P(Spam|message): 1.3481290211300841e-25
P(Ham|message): 1.9368049028589875e-27
Label: Spam
P(Spam|message): 2.4372375665888117e-25
P(Ham|message): 3.687530435009238e-21
Label: Ham
P(Spam|message): 4.998409490199666e-08
P(Ham|message): 2.0470489547241915e-10
Label: Spam


### Measuring the Spam Filter's Accuracy

 We'll now try to determine how well the spam filter does on our test set of 1,114 messages.
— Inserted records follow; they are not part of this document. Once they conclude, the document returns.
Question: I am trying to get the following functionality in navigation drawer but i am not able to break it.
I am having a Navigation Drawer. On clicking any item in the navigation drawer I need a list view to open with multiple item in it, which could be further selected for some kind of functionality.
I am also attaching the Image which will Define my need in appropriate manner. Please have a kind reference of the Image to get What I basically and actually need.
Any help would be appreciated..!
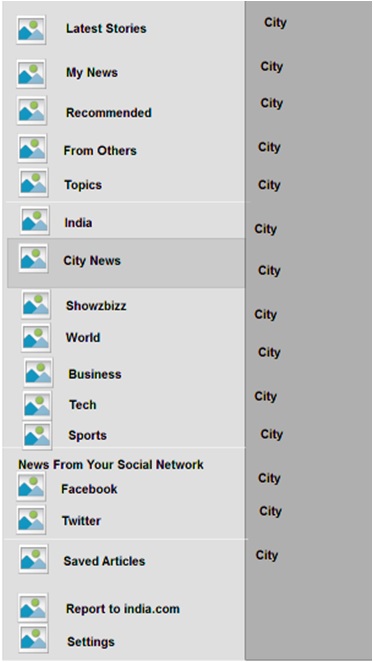
Answer: As i Have see your image what i understand is that,
then becuase
So one solution is that
and and create custom adapter for both ListView.
Now like City, MyNews or whatever.
So when user click on another item from drawer the same thing going to happen. But the data for second ListView are going to change.
I hope you understand what I am saying and It helps you.
Ok so your xml shuold look like this.
'''
<!-- The main content view -->
<FrameLayout android:id="@+id/content_frame" />
<!-- The navigation drawer -->
<LinearLayout
android:layout_gravity="start"
android:orientation="horizontal">
<ListView
android:layout_weight="1"
android:id="@+id/list1">
</ListView>
<ListView
android:layout_weight="1"
android:id="@+id/list2">
</ListView>
</LinearLayout>
'''
Now On Your java side. consider both listview are referenced as and , and you have created two adapter and .
Make Item click for and apply the logic like below ...
'''
list1.setOnItemClickListener(new AdapterView.OnItemClickListener() {
@Override
public void onItemClick(AdapterView<?> adapterView, View view, int pos, long l) {
// now here you can get which option is clicked from list1.
// using position and
int your_type = pos;
adapter2.filderDataAccordingToType(your_type);
// create the above method in your second adapter and pass your type like MyNews, City or any other.
// and apply the logic of filtering by passing type to your method
// your_type could be any data type i have take the integer.
// and after filtering data you can notify your adapter.
// so when the data of adpater gets changed your secondlistview get refreshed.
}
});
'''
that's it.

These messages are in the dataframe called test

In [30]:
def classify_test_set(message):

    message = re.sub('\W', ' ', message)
    message = message.lower()
    message = message.split()

    #We initialize the values of p_spam_given_message and p_ham_given_message but then they will change depending on words
    p_spam_given_message = p_spam
    p_ham_given_message = p_ham
    
    for word in message:
        if word in dic_spam:
            p_spam_given_message *= dic_spam[word]
            p_ham_given_message *= dic_ham[word]
        else : continue

    if p_ham_given_message > p_spam_given_message:
        return 'ham'
    elif p_spam_given_message > p_ham_given_message:
        return 'spam'
    else:
        return 'needs human classification'

In [31]:
test['predicted'] = test['SMS'].apply(classify_test_set)
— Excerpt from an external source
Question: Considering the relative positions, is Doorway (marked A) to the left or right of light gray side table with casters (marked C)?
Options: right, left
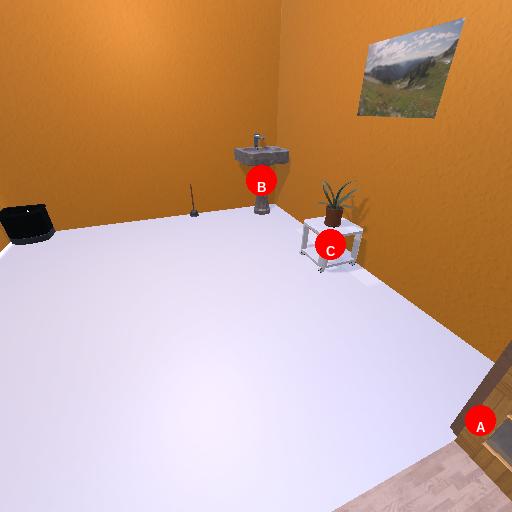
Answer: right

Let's now check the results

In [32]:
test['predicted'].value_counts()

ham                           969
spam                          144
needs human classification      1
Name: predicted, dtype: int64

In [33]:
test.head(20)

Unnamed: 0,Label,SMS,predicted
0,ham,Later i guess. I needa do mcat study too.,ham
1,ham,But i haf enuff space got like 4 mb...,ham
2,spam,Had your mobile 10 mths? Update to latest Oran...,spam
3,ham,All sounds good. Fingers . Makes it difficult ...,ham
4,ham,"All done, all handed in. Don't know if mega sh...",ham
5,ham,But my family not responding for anything. Now...,ham
6,ham,U too...,ham
7,ham,Boo what time u get out? U were supposed to ta...,ham
8,ham,Genius what's up. How your brother. Pls send h...,ham
9,ham,I liked the new mobile,ham


In [34]:
correct = 0
total = 1114

for index, elem in test.iterrows():
    if elem['Label'] == elem['predicted'] : correct += 1

In [35]:
print('Correct:', correct)
print('Incorrect:', total - correct)
print('Accuracy:', correct/total)

Correct: 1100
Incorrect: 14
Accuracy: 0.9874326750448833


We initialy hoped for an accuracy of 80%, but we got 98,7%. This is an amazing result.